The MHRA has published a guidance document detailing their position concerning the adapted MDR transition periods resulting from Regulation (EU) 2023/607.

EU - Q&A document on changed transitional period published

The EU has published a Q&A document dealing with answers to important questions on the changes to the MDR and IVDR transitional arrangements.

EU - change of transitional provisions published

Regulation (EU) 2023/607 changing the transition timelines for MDR and abolishing sell-off dates for MDR and IVDR was published today in the official journal of the EU. Consolidated versions are not yet available for the MDR and IVDR.

The regulation enters into force with its publication and becomes immediately applicable. MDD and AIMDD certificates that were still valid on March 20, 2023, are automatically extended.

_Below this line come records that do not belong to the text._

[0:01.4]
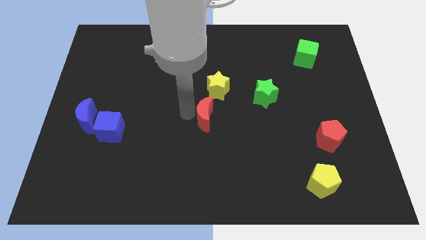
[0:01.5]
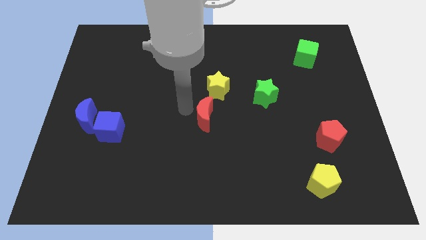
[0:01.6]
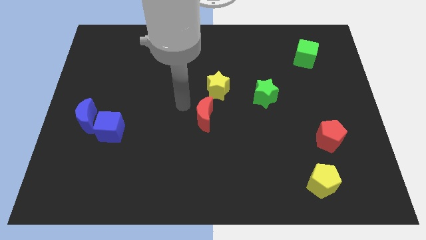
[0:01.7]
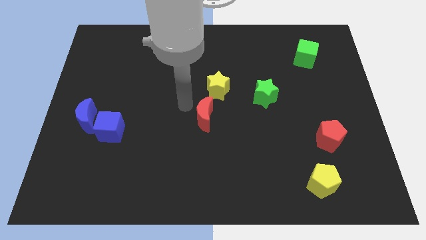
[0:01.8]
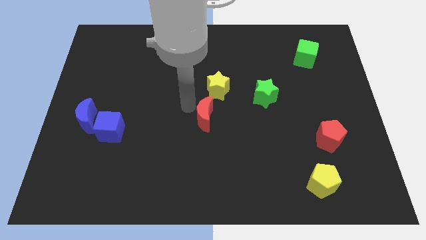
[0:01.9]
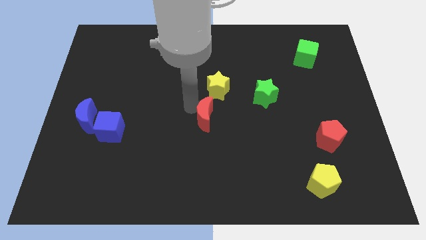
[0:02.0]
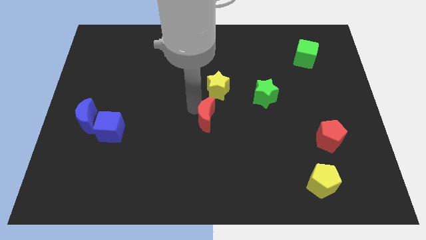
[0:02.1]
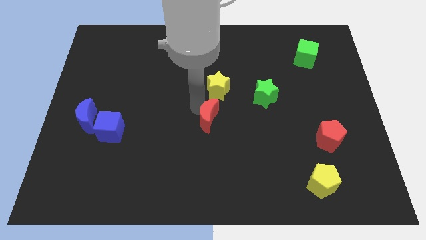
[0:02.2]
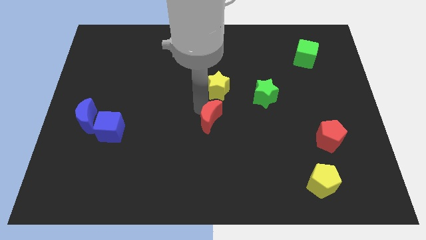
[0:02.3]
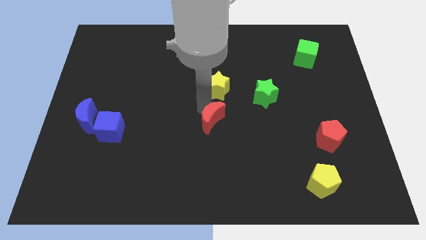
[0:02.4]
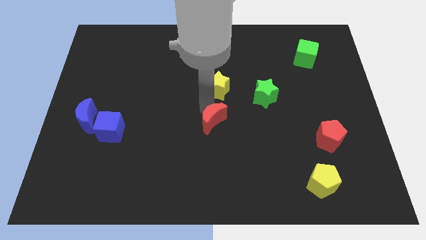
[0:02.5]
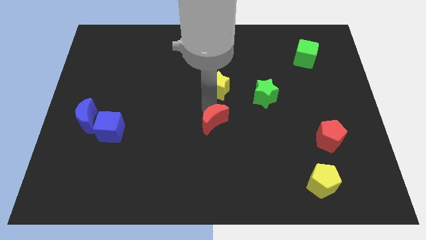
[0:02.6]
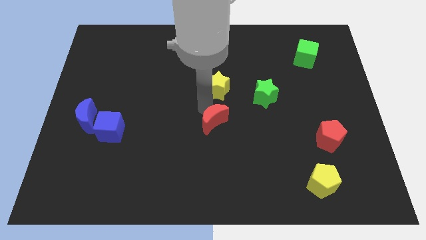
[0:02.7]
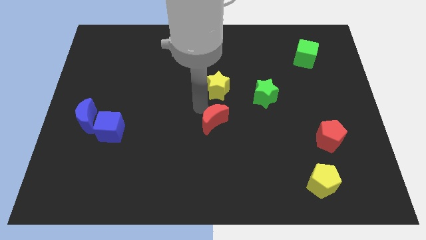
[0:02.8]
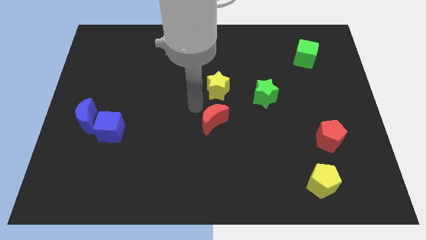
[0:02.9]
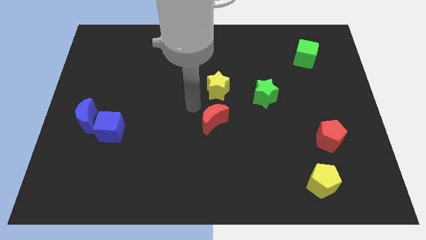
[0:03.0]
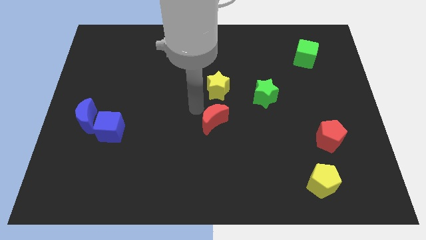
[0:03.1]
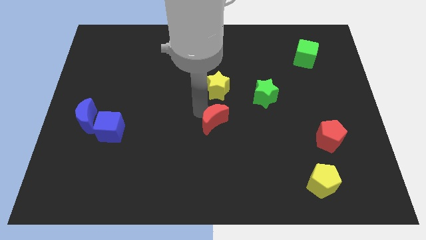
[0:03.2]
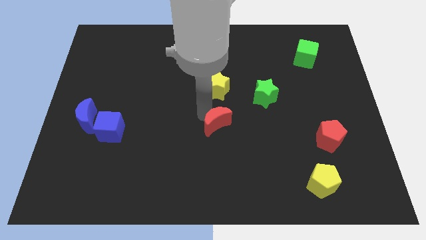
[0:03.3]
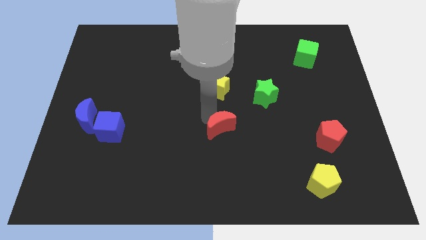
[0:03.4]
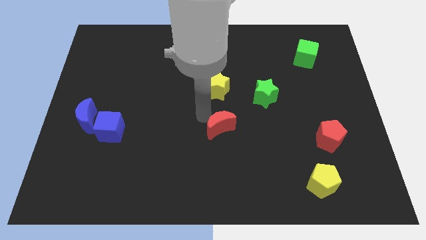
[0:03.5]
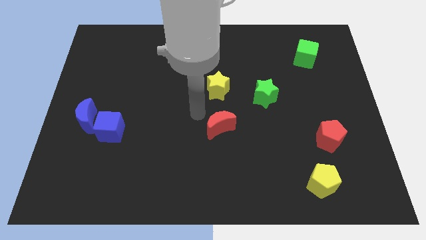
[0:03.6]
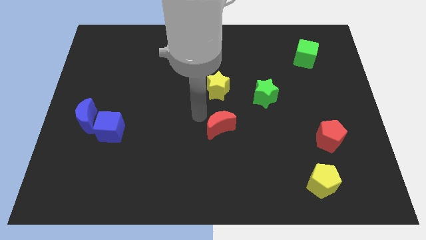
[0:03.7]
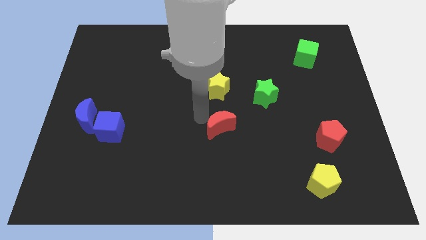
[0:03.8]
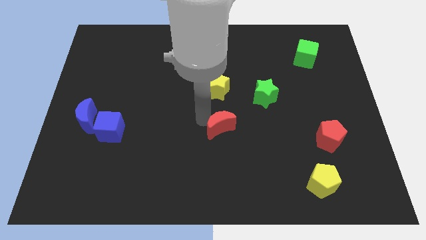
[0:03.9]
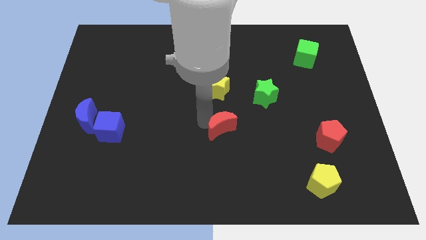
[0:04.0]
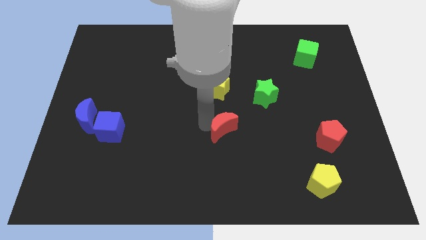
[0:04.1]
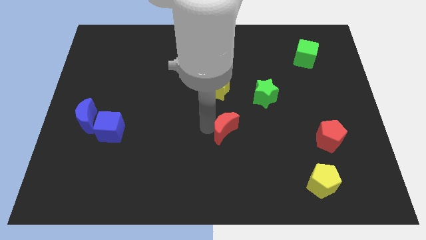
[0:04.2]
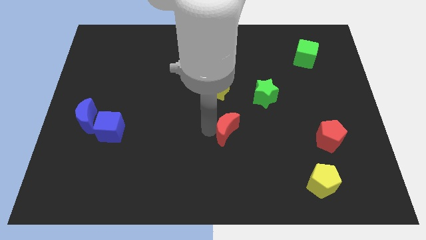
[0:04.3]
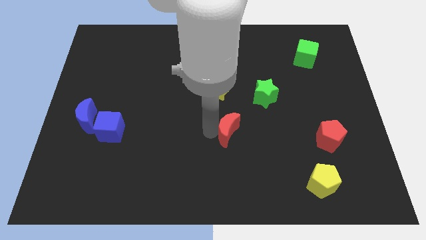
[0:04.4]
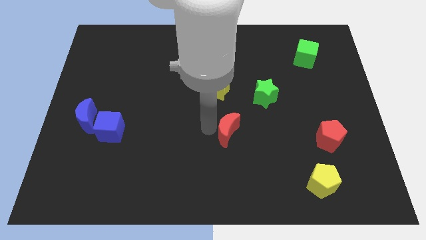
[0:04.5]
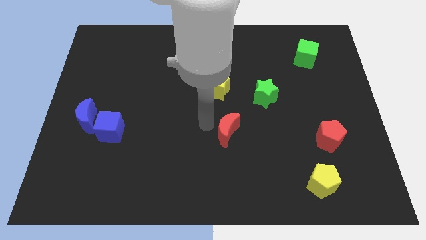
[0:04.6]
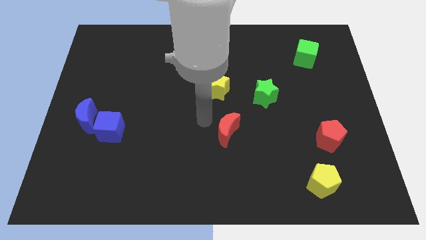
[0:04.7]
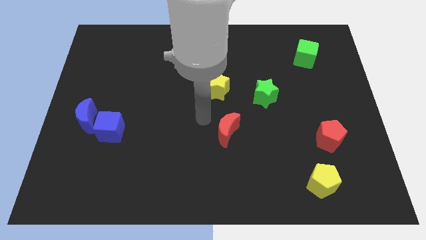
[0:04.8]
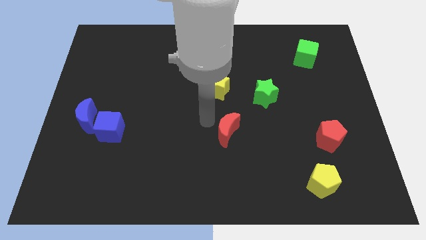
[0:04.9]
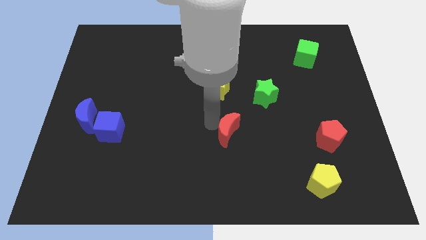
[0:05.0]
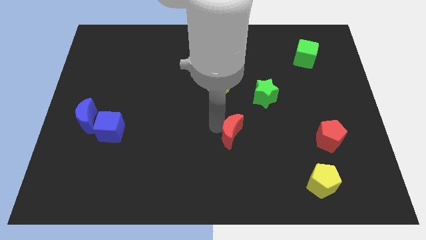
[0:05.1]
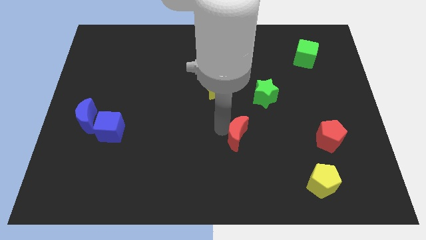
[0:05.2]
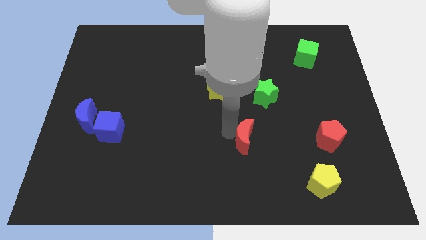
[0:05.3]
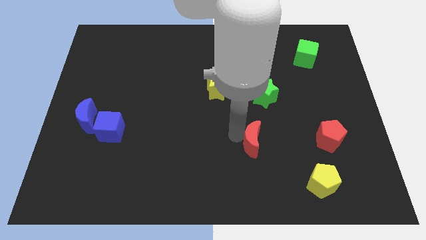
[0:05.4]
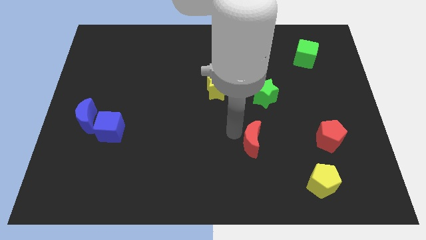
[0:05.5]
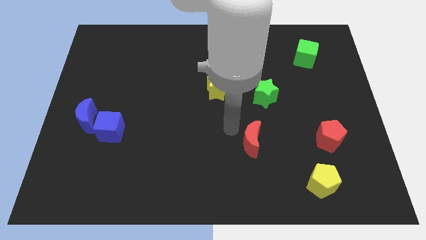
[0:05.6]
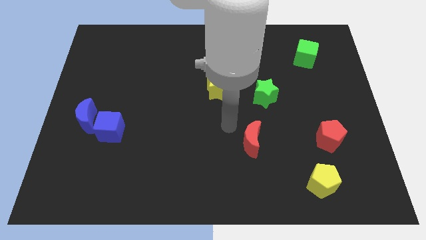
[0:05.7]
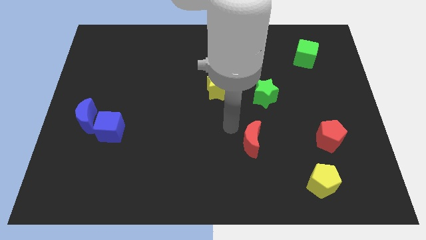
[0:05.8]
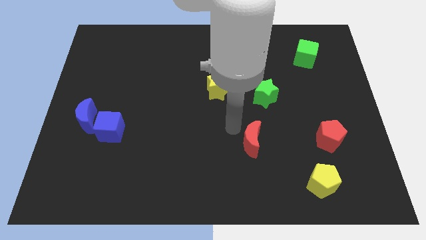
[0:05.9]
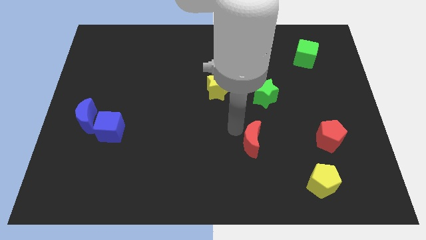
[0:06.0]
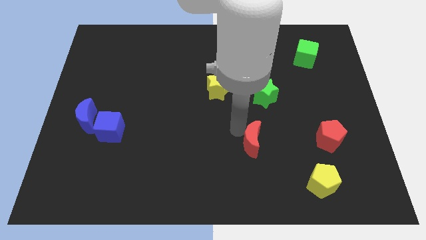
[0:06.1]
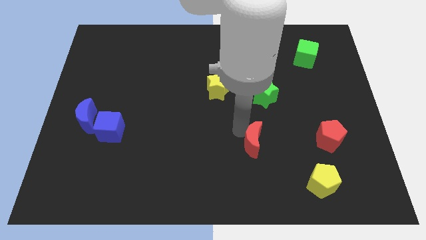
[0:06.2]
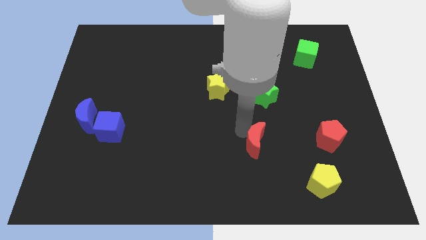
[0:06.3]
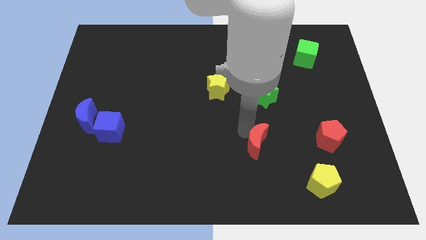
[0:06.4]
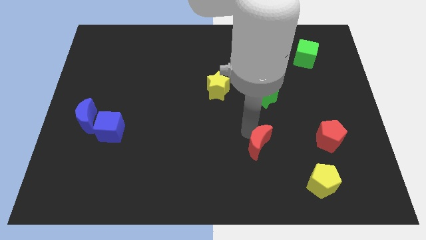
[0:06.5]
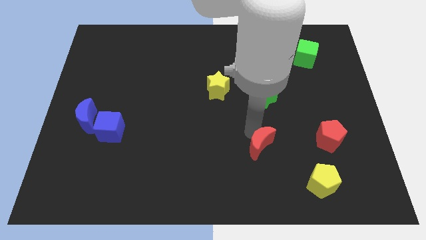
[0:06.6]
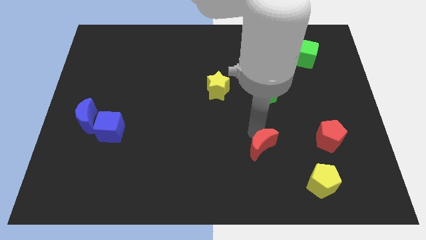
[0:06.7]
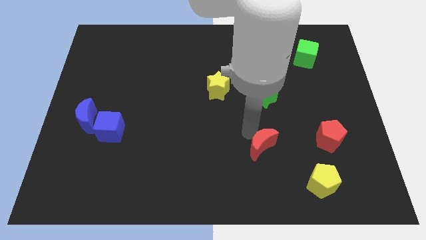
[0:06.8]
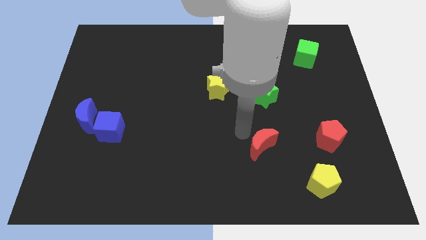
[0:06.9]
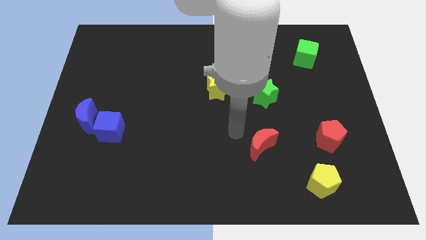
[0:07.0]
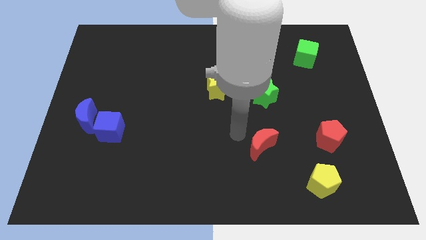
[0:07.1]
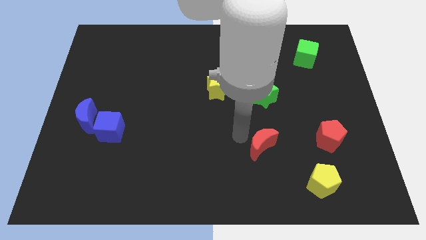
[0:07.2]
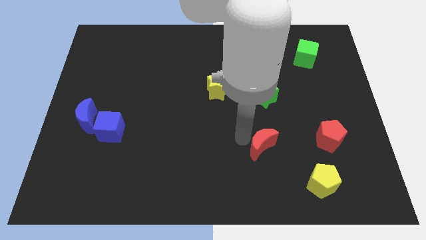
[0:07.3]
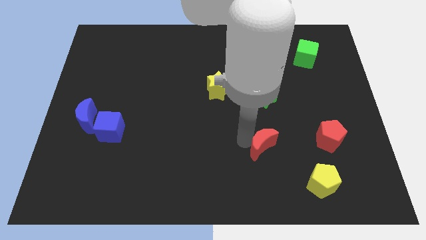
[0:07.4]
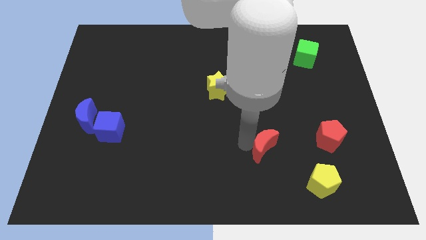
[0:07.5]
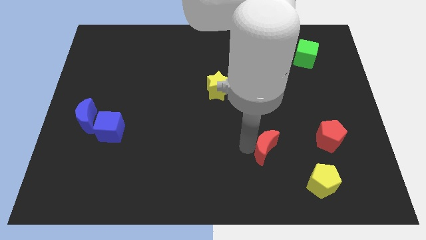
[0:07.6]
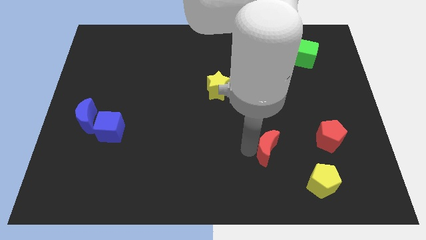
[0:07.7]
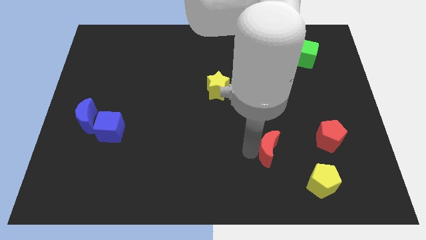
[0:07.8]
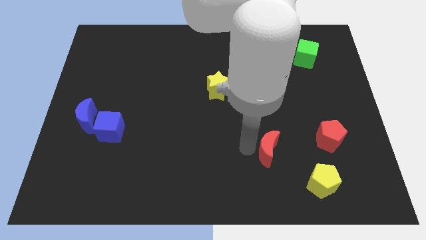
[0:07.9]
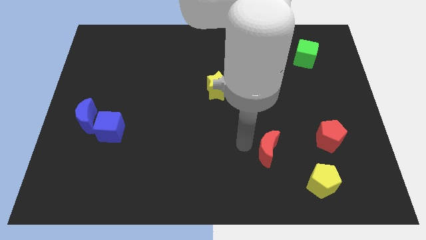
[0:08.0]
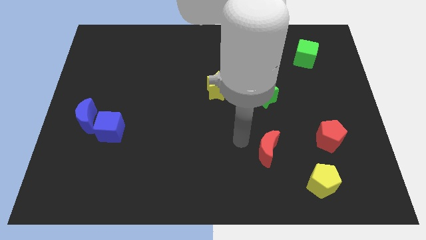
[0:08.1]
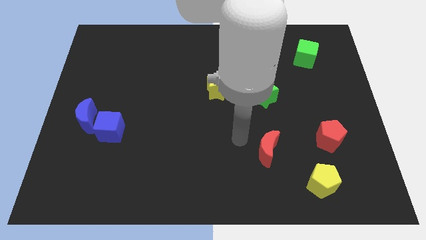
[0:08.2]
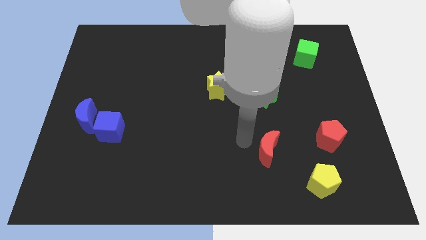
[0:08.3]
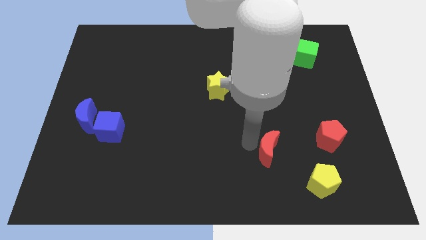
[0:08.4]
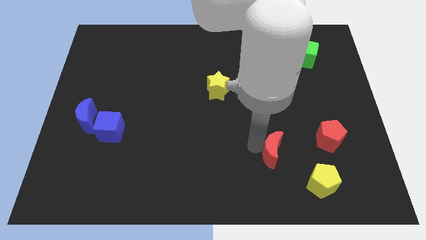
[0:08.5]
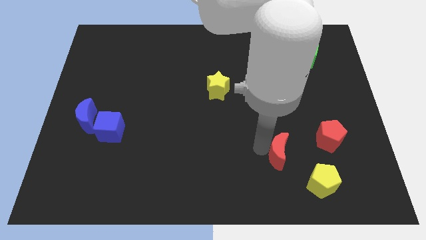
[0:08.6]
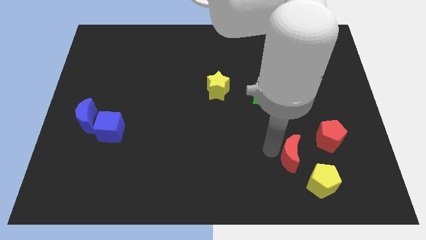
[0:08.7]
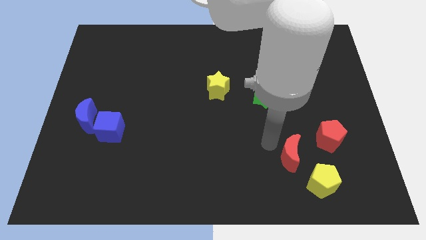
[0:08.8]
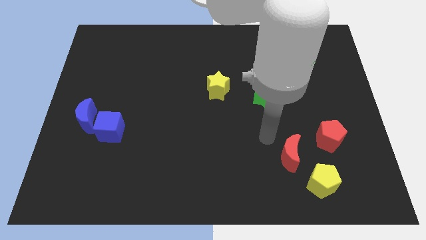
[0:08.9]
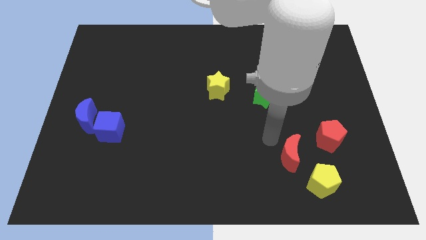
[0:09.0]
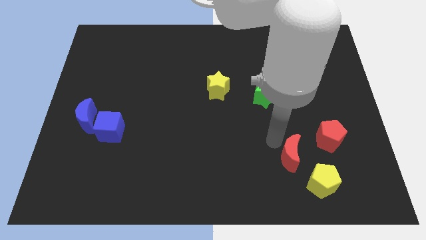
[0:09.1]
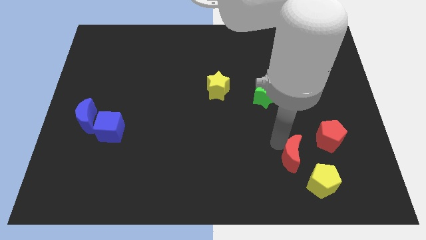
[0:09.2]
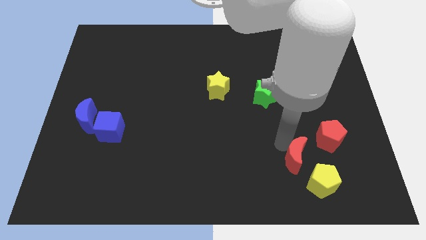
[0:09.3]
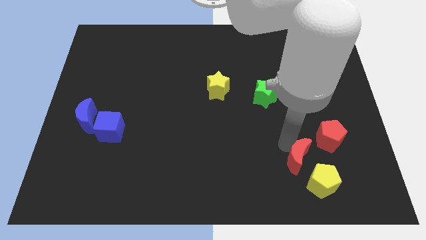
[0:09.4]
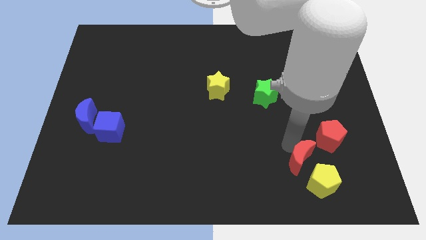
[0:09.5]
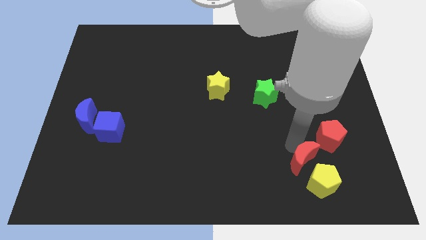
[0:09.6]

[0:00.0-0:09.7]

For certificates that expired before that date additional conditions must be met..

EU-parliament adopts proposal to change transitional provisions for MDR and IVDR

The EU-parliamant today accepted the commission's proposal for changes to the transitional provisions, especially to Article 120 MDR and Article 110 IVDR, respectively. Consequently these changes have made a significant step towards their entry into force with the publication in the Official Journal of the European Union. The text voted on in its different language version is accessible here.

EU - new and updated MDCG guidance documents

The MDCG published three new and one updated guidance document in January and February 2023:
MDCG 2023-1 deals with in-house devices under MDR and IVDR,
MDCG 2023-2 details rules for the publication of standard fees by notified bodies,
MDCG 2023-3 is a Q&A document on vigilance under MDR and
in MDCG 2020-16 revision 2 small changes were made with respect to the interpretation of classification rules for IVDs, especially companion diagnostics.